People must be at least 18 years of age to purchase or redeem TELC tickets; only cash can be used to purchase lottery tickets.

==Current games==
===In-house draw games===

====Cash 3====
Cash 3 is drawn thrice daily, except once on Sundays. It draws 3 digits, each 0 through 9. Prices, prizes, and options vary.

====Cash 4====
Cash 4 also is drawn 19 times weekly; it draws a four-digit number in the same fashion as Cash 3.

=====Wild Ball=====
In October 2021, the Lottery added a new add-on feature to both Cash 3 and Cash 4 games, replacing the Lucky Sum, called the Wild Ball. The Wild Ball feature doubles the cost. The Lottery draw one different Wild Ball number for Cash 3 and Cash 4.

====Daily Tennessee Jackpot====
The Tennessee State Lottery Commission has introduced this game on November 13, 2022. Players pick 5 numbers from 1 to 38. The Jackpots start at $30,000 and increase by $10,000 until there's a winner. Players need to match their numbers to the drawn numbers to win the jackpot with prizes for matching 2, 3, or 4 main numbers drawn. Drawings are held every night just like the lottery’s cash 3 and cash 4 evening draws.

====Tennessee Cash====
Tennessee Cash is the first in-state progressive jackpot game. Players pick 5 numbers from 1 to 35, and 1 Cash Ball number from 1 to 5. The jackpot starts at $200,000 and grows from there and it can go up over $1,000,000. Players also win by matching at least 2 numbers, with or without the Cash Ball number. The minimum prize is a free Tennessee Cash QP ticket, for matching 2 main numbers. All other prizes are pari-mutuel. Drawing are held at Mondays, Wednesdays and Fridays.

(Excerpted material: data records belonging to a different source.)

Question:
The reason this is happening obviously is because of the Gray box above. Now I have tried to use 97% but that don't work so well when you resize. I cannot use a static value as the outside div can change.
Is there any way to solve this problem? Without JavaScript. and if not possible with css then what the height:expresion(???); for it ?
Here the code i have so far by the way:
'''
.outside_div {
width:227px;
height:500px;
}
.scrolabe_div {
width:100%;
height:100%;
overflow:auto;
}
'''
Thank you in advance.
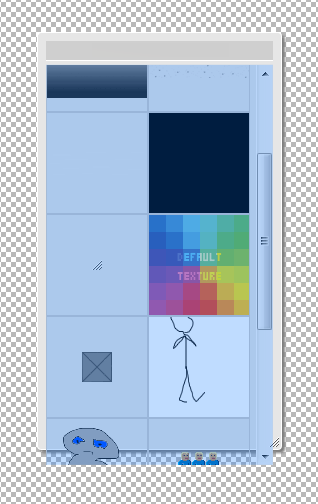
Answer: You can use the 'bottom' attribute instead.
'''
.outside_div {
position: absolute;
width: 227px;
height: 500px;
}
.scrolabe_div {
position: absolute;
width: 100%;
top: 50px; /* since the top doesn't change, fix it here */
bottom: 10px; /* set this accordingly, probably 10px */
overflow: auto;
}
'''
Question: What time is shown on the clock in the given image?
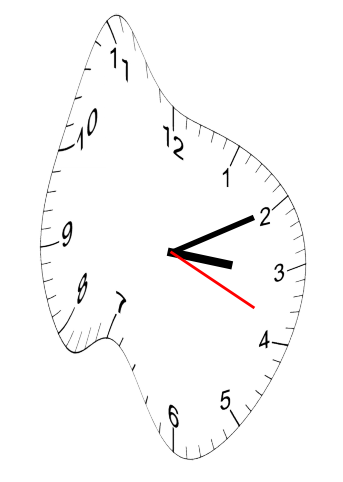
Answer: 03:10:19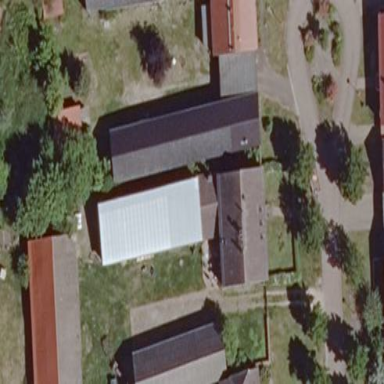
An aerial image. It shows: Barn.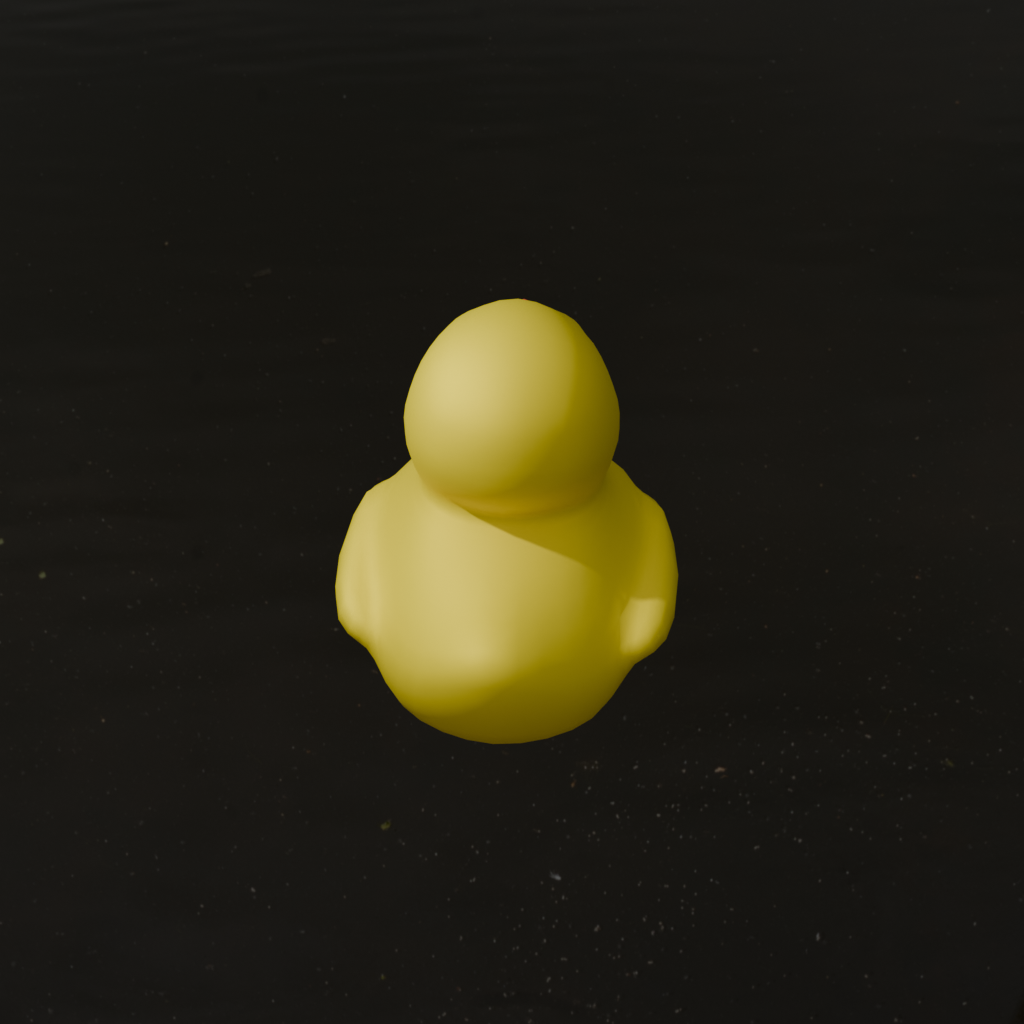
an image of a yellow rubber duck seen from <back> in a lakeside with a cloudy sky surrounded by greenery and dirt paths.
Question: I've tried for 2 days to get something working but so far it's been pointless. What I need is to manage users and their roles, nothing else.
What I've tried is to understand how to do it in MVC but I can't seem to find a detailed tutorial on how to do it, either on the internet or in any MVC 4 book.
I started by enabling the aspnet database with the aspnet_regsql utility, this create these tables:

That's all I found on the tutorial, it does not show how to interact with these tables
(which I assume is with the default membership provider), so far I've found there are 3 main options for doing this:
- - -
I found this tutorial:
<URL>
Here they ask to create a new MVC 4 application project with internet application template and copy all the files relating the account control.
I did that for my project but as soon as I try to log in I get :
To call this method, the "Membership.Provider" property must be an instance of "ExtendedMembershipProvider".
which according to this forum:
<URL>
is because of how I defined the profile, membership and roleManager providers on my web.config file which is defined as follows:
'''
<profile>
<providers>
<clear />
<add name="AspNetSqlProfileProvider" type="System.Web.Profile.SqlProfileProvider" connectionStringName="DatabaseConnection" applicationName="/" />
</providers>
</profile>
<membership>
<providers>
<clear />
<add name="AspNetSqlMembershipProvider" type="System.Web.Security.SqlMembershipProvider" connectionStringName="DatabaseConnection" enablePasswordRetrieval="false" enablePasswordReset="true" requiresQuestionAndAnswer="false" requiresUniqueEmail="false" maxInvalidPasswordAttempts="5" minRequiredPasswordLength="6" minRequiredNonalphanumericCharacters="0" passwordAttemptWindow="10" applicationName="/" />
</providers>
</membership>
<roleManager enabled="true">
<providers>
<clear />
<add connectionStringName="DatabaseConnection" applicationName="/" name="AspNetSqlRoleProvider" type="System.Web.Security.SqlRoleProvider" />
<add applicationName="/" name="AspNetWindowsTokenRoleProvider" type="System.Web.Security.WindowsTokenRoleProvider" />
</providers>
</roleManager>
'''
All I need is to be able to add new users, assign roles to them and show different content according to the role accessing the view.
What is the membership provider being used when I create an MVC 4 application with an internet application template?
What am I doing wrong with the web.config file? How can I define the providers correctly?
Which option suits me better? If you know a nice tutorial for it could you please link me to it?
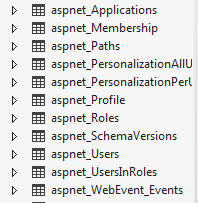
Answer: Membership provider you are using is dated. New <URL> uses new table names without prefix 'aspnet_'.
1) Please take a look at Scott Hanselman's link.
2) You do not need 'profile' if you do not use it. 'roleManager' configuration is not correct.
FYI: Please define 'machineKey' explicitly in web.config; it will save you a lot of headache in the future.
P.S. I agreed with you. I just finished reading 'Pro ASP.NET MVC 4 by Adam Freeman'; he did not mention about Membership Provider. 'ASP.NET MVC 4 and the Web API by Jamie Kurtz' uses legacy Membership Provider if you want to read.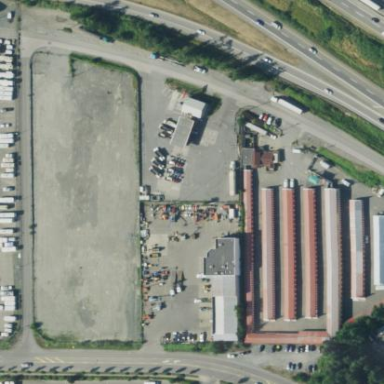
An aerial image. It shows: Industrial area.

===Multi-jurisdictional games===

====Cash4Life====

The Tennessee lottery joined Cash4Life on November 1, 2015; it is also offered in Florida, Georgia, Indiana, Maryland, New Jersey, New York, Pennsylvania, and Virginia.

Players choose 5 of 60 numbers in one field, and 1 of 4 green "Cash Ball" numbers in the second field. Live drawings are held on Monday and Thursday evenings at 9 pm Eastern Time on Livestream. The top prize (win or share) is $1,000-per-day-for-life ($365K yearly). Second prize is $1,000-per-week-for-life ($52K yearly). A winner of either "lifetime" prize can choose cash in lieu of the annuity. Unlike Tennessee's in-house draw games, Cash4Life is drawn with numbered balls and drawing machines (in New Jersey).

====Powerball====

Since 2004, Tennessee has been a member of MUSL. Powerball began in 1992. Powerball's jackpots begin at $40 million, and it is drawn on Wednesday and Saturday nights.